Materials and Methods: A non-randomized, open labelled, non-comparative, multi-centric, study was conducted in total of 211 patients. Each patient was administered a fixed dose combination of Amitriptyline 10 mg and Pantoprazole 40 mg once a day, for 4 week. GERD questionnaire, HADS (Hospital Anxiety & Depression Score) & SF-8 questionnaire (Short Form Health Survey) were performed at baseline and at the end of study as assessment tools.
Results: At the end of study data was extractable only in 188 patients (132 males and 56 females, mean age was 44 ± 12 years). GERD symptoms & anxiety score reduced significantly (p< 0.0001) at week 4 compared to baseline. SF-8 score also improved significantly (p< 0.0001) at week 4. The coexistence of anxiety with GERD was observed more commonly in males compared to females. Tolerability of fixed dose combination was found to be good and none of the subjects discontinued the treatment.

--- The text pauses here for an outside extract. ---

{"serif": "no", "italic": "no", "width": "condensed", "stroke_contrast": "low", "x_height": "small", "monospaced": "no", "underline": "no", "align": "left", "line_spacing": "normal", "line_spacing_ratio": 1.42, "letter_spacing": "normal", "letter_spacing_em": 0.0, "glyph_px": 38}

Conclusion: Amitriptyline and Pantoprazole combination was found to be effective and safe for the management in those who had GERD with co-existing anxiety.
Keywords: GERD; Anxiety; Amitriptyline; Pantoprazole;
Presently, up to 70% of the patients with complaints of reflux symptoms have been noted to have NERD [2]. Despite the potency of proton pump inhibitors (PPIs) on gastric acid secretion, it is now evident that they do not suppress symptoms in patients with GERD as completely as was once supposed. Indeed, with the advent of more thorough symptom evaluation, it is now well recognized that both in the clinical study setting and in ordinary clinical practice, many GERD patients experience persistence of troublesome reflux symptoms while taking PPI therapy [3].

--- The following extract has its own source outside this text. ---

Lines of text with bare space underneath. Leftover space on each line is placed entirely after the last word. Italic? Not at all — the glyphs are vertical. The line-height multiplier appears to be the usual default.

Some 40–50% of patients with NERD, and 6–15% of those with erosive esophagitis (EE), has been reported as refractory to PPI therapy [4].
According to the literature psychological factors, including anxiety and depression, play an essential role in the development of GERD and especially that of NERD [1].
One population based study showed that there is increase in GERD related symptoms due to presence of anxiety and depression [5].
In a recent study by Yang XY et al it was demonstrated that the presence of anxiety in NERD & RE was 49.66% & 44.03% respectively [1].
Predictions by many physicians and previous studies have established that patients with concurrent anxiety or depression would respond poorly to GERD treatment [6].
Thus, it has been proposed that patients who did not respond to PPI therapy are more likely to have psychosocial comorbidity than those who were successfully treated with a PPI [7].
Consequently, anti-anxiety medications may be alternative therapies for patients with NERD and RE if antacids cannot produce a satisfactory effect [1].
A total of 211 GERD patients (men and women, mean age: 44.16 ± 11.53 years) reporting to Gastroenterology OPD, were screened for the intensity of heartburn, regurgitation, retrosternal pain, nausea, sleep disturbance & use of additional medication on 4 point analog scale(0-3: 0=None; 1=Mild; 2=Moderate & 3=Severe). Evaluation of anxiety symptoms was done using hospital anxiety and depression scale (HADS) which was a 7-item self-rating questionnaire. Respondents had to indicate the frequency of any symptom on a four-point scale. Scores were calculated as the sum of their respective 7-item scores (ranging from 0 to 21) where (0-7 = normal, 8-10 = borderline abnormal, 11-21 = abnormal). Short-form health survey (SF- 8) questionnaire consisting of 8 items was done on six- point scale (1-6: 1=Very Poor; 2=Poor; 3=Fair; 4=Good; 5=Very Good; 6=Excellent).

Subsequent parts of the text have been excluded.